____ Listed records
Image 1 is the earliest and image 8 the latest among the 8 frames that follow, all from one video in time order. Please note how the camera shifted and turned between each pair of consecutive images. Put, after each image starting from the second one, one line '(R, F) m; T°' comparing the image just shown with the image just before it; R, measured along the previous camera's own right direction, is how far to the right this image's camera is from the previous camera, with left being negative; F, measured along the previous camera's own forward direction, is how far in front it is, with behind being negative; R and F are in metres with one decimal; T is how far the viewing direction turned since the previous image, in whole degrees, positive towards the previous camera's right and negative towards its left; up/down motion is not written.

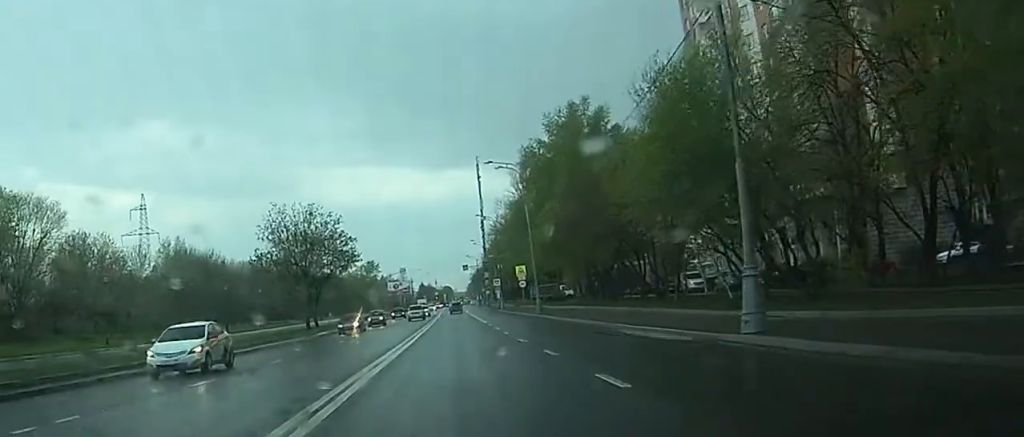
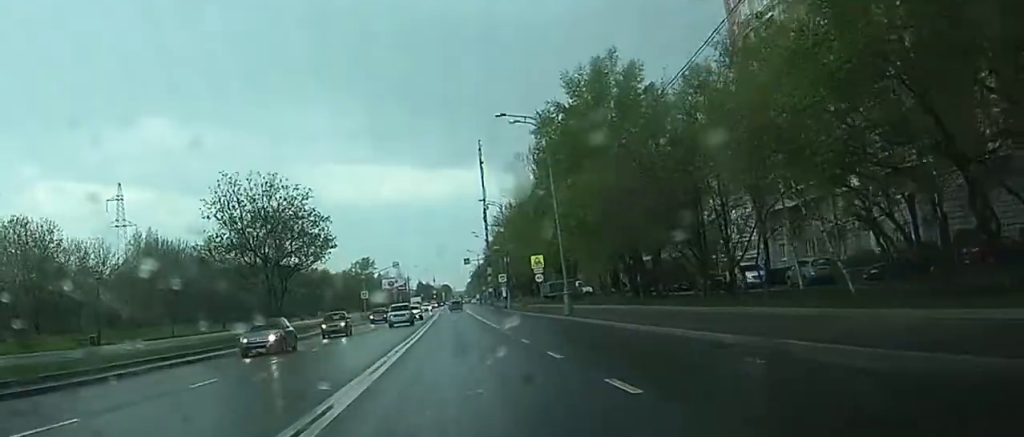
(-0.4, +16.9) m; -1°
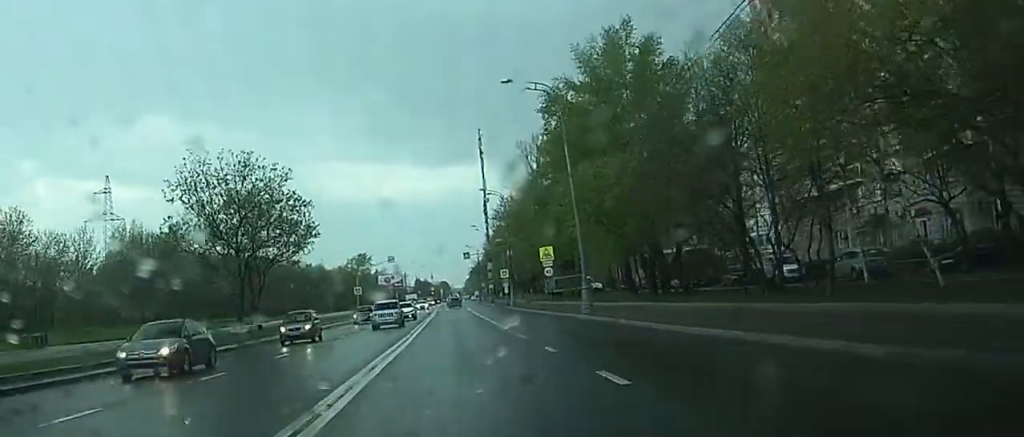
(+0.1, +7.8) m; 0°
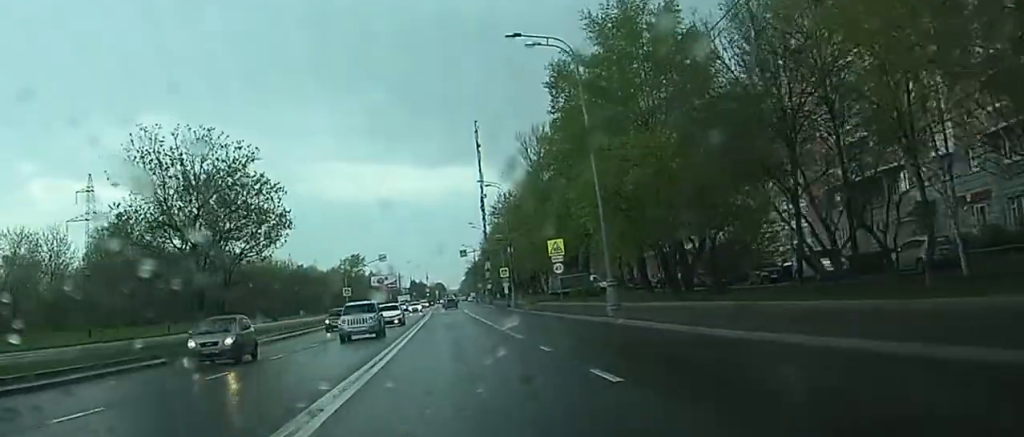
(0.0, +8.5) m; 0°
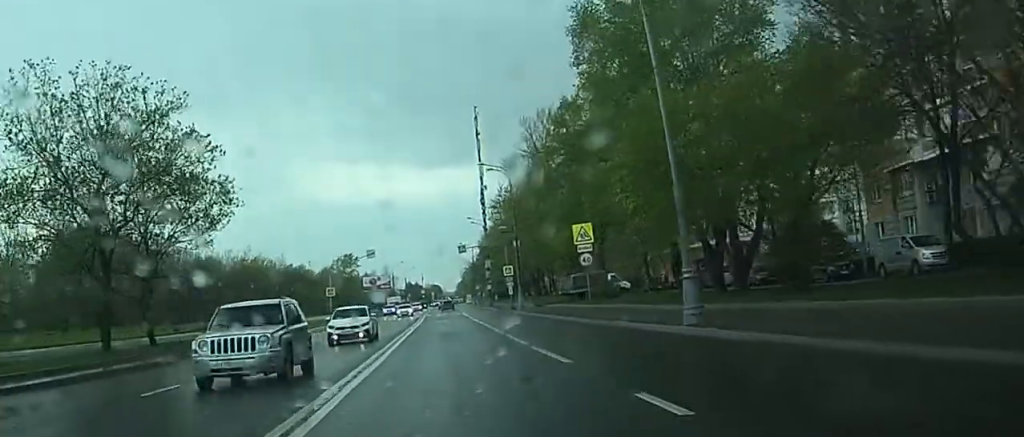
(-0.1, +13.5) m; 0°
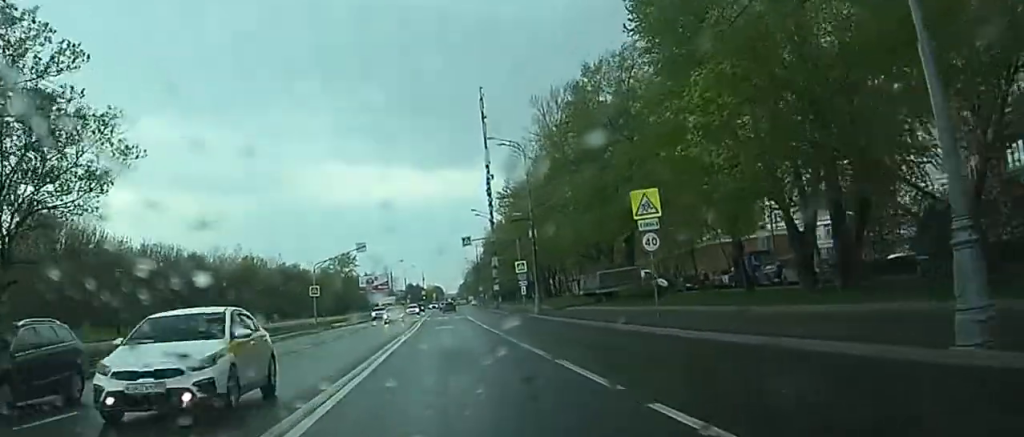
(0.0, +14.6) m; 0°
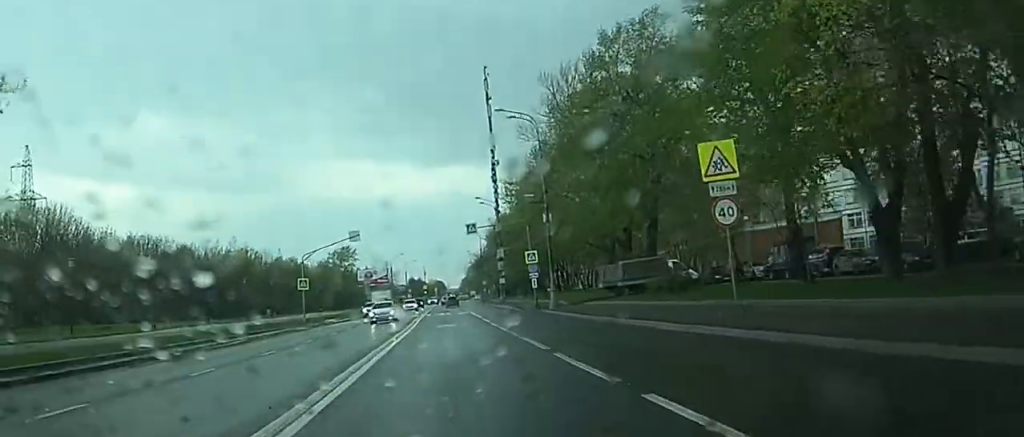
(0.0, +7.9) m; 0°
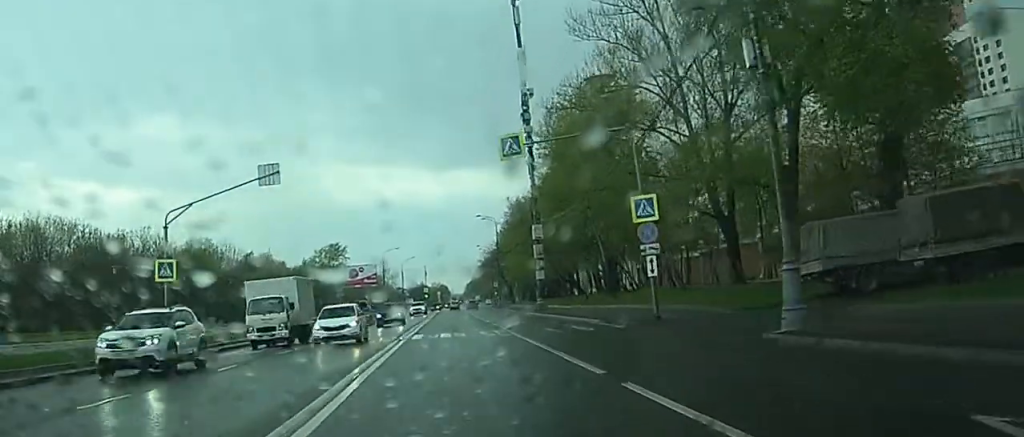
(+0.2, +33.7) m; +1°
________
• Work task: Nothing but the records, copied exactly and stripped of pictures, should be returned.

• Exercise result:
Image 1 is the earliest and image 8 the latest among the 8 frames that follow, all from one video in time order. Please note how the camera shifted and turned between each pair of consecutive images. Put, after each image starting from the second one, one line '(R, F) m; T°' comparing the image just shown with the image just before it; R, measured along the previous camera's own right direction, is how far to the right this image's camera is from the previous camera, with left being negative; F, measured along the previous camera's own forward direction, is how far in front it is, with behind being negative; R and F are in metres with one decimal; T is how far the viewing direction turned since the previous image, in whole degrees, positive towards the previous camera's right and negative towards its left; up/down motion is not written.

(-0.4, +16.9) m; -1°
(+0.1, +7.8) m; 0°
(0.0, +8.5) m; 0°
(-0.1, +13.5) m; 0°
(0.0, +14.6) m; 0°
(0.0, +7.9) m; 0°
(+0.2, +33.7) m; +1°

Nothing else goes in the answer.